++++ Records to use

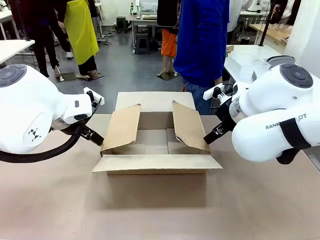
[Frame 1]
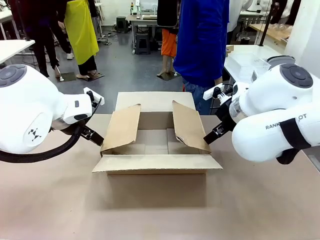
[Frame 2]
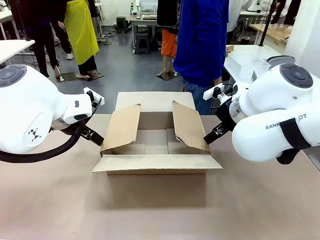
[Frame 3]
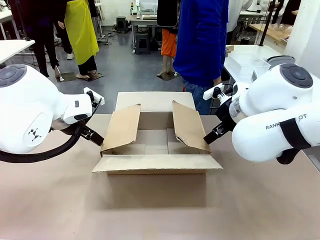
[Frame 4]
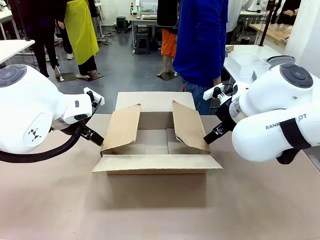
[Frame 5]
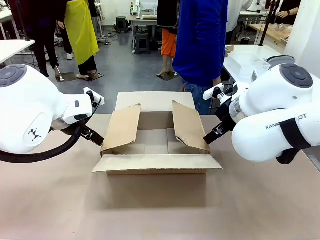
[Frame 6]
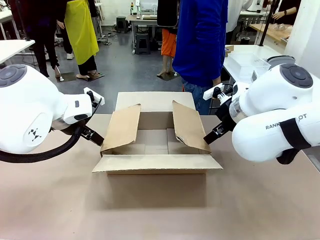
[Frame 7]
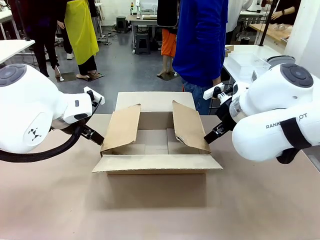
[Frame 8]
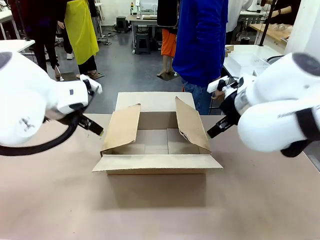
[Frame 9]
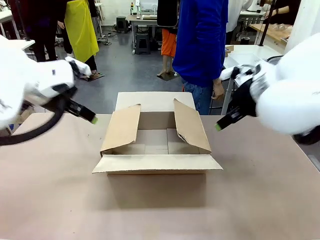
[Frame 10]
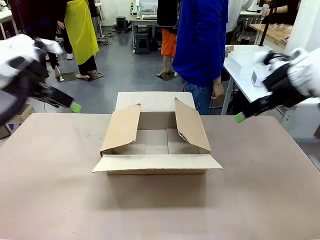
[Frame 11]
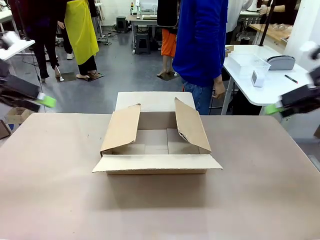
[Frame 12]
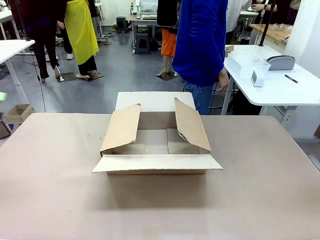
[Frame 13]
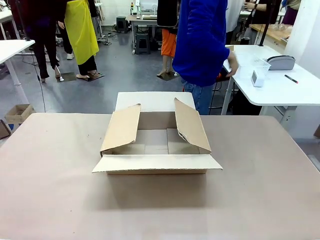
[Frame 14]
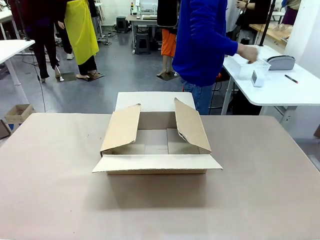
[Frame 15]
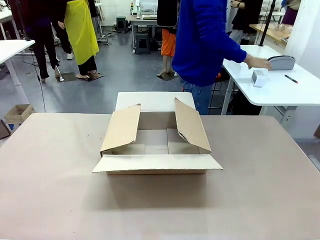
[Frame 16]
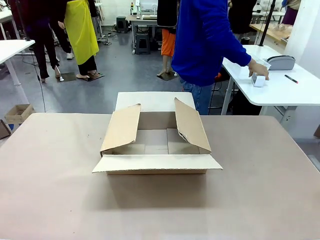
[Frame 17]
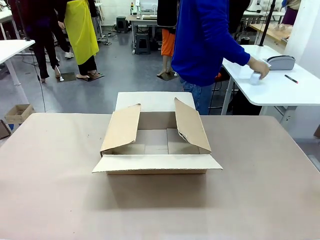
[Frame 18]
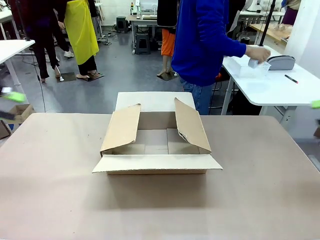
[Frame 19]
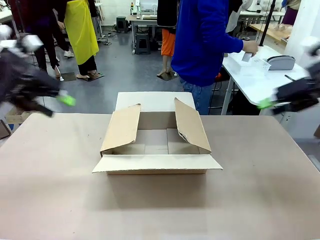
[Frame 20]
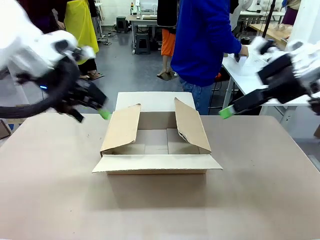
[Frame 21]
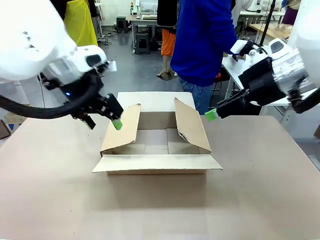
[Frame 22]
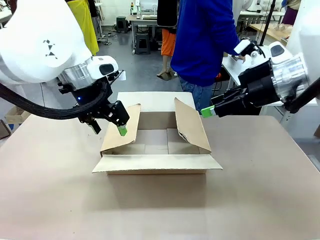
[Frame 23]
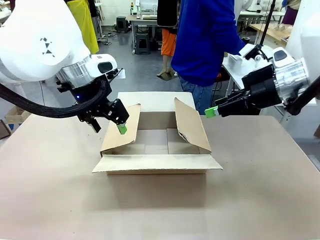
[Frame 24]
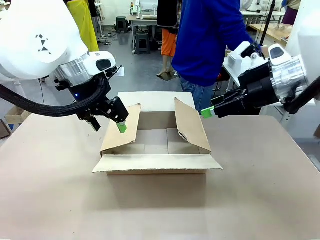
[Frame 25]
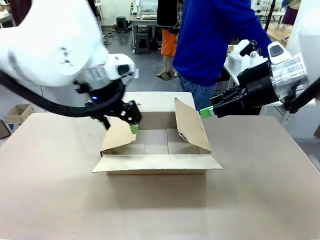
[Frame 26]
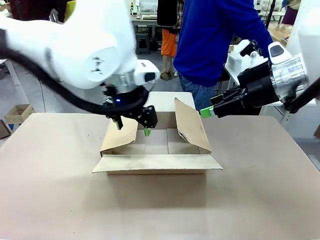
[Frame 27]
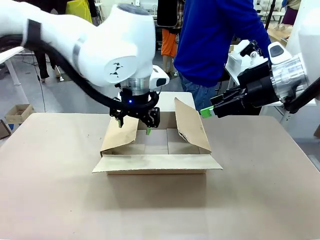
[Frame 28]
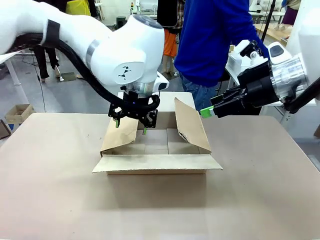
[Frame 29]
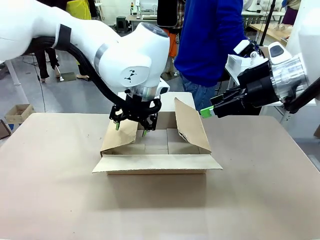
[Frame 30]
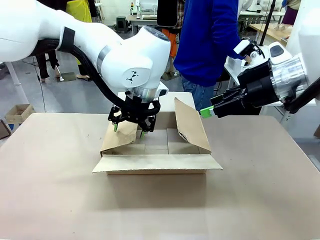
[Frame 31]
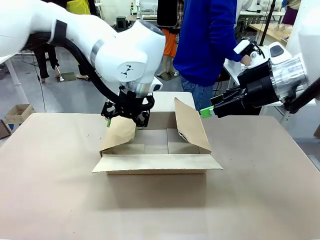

++++++++

Exercise details
A verbatim copy of every record is required, with all pictures excluded.

Answer for this exercise
[Frame 1]
[Frame 2]
[Frame 3]
[Frame 4]
[Frame 5]
[Frame 6]
[Frame 7]
[Frame 8]
[Frame 9]
[Frame 10]
[Frame 11]
[Frame 12]
[Frame 13]
[Frame 14]
[Frame 15]
[Frame 16]
[Frame 17]
[Frame 18]
[Frame 19]
[Frame 20]
[Frame 21]
[Frame 22]
[Frame 23]
[Frame 24]
[Frame 25]
[Frame 26]
[Frame 27]
[Frame 28]
[Frame 29]
[Frame 30]
[Frame 31]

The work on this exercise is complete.